Items from a dataset
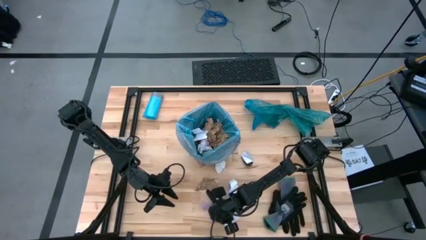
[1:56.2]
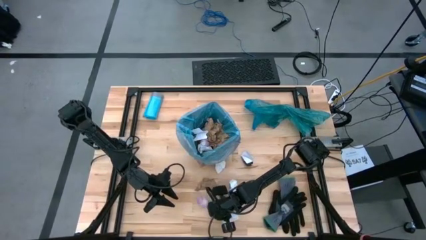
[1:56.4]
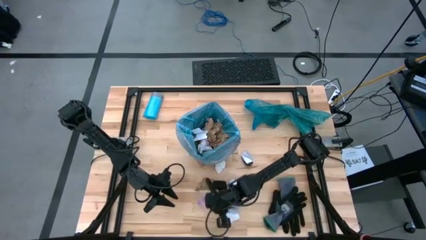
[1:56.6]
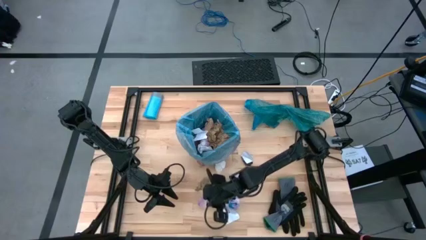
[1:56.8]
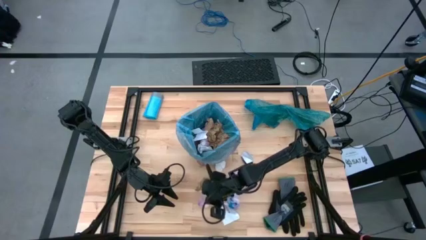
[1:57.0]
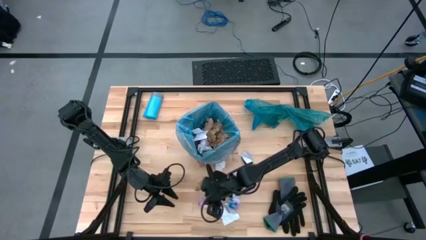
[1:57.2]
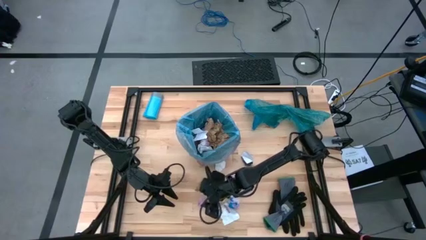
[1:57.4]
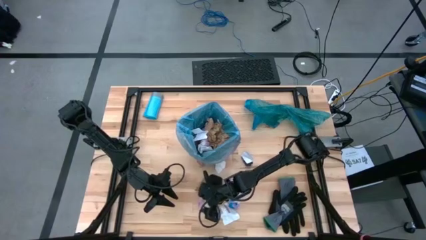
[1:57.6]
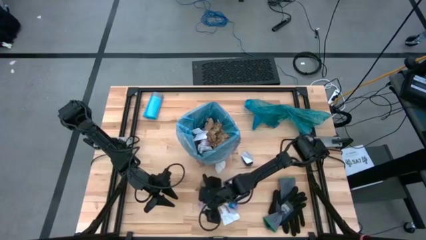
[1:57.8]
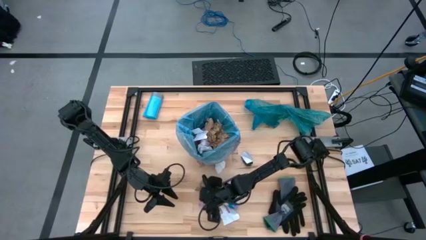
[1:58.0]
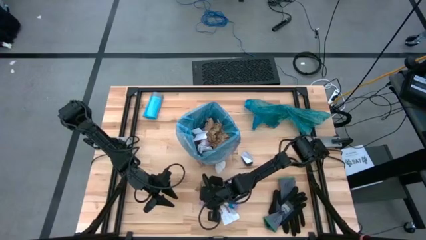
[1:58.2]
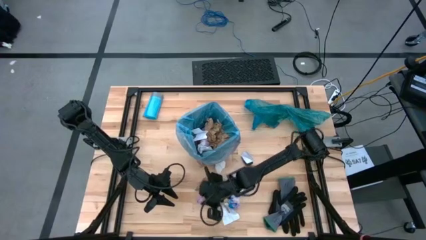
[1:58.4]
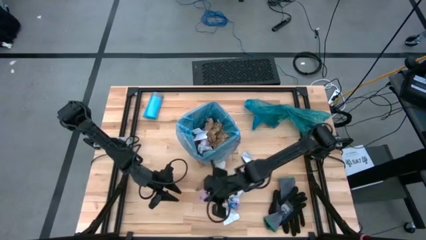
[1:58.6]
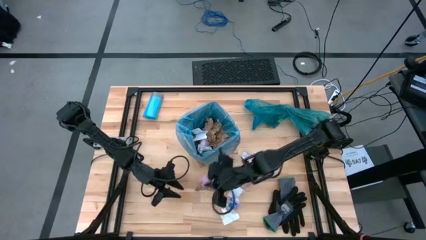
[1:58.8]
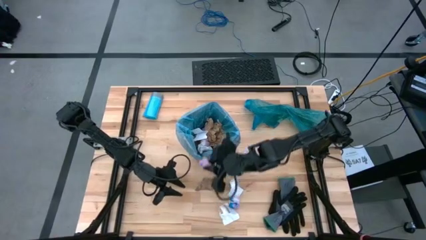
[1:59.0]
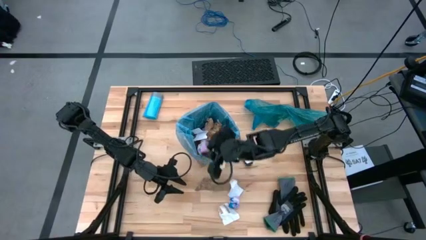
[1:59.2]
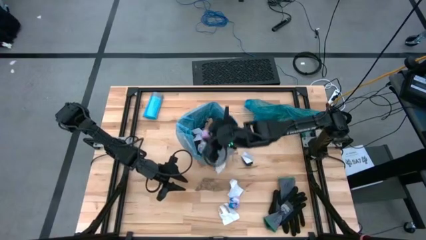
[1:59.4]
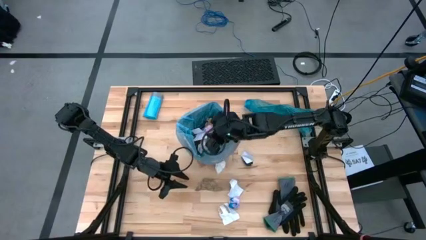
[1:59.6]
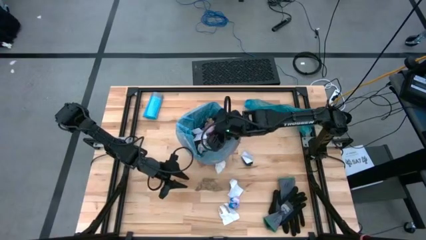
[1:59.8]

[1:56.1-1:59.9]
Put the pink plastic trash into the trash bin

Exercise description
Output a verbatim copy of all entries above; no pictures go in it.

Task answer
[1:56.2]
[1:56.4]
[1:56.6]
[1:56.8]
[1:57.0]
[1:57.2]
[1:57.4]
[1:57.6]
[1:57.8]
[1:58.0]
[1:58.2]
[1:58.4]
[1:58.6]
[1:58.8]
[1:59.0]
[1:59.2]
[1:59.4]
[1:59.6]
[1:59.8]

[1:56.1-1:59.9]
Put the pink plastic trash into the trash bin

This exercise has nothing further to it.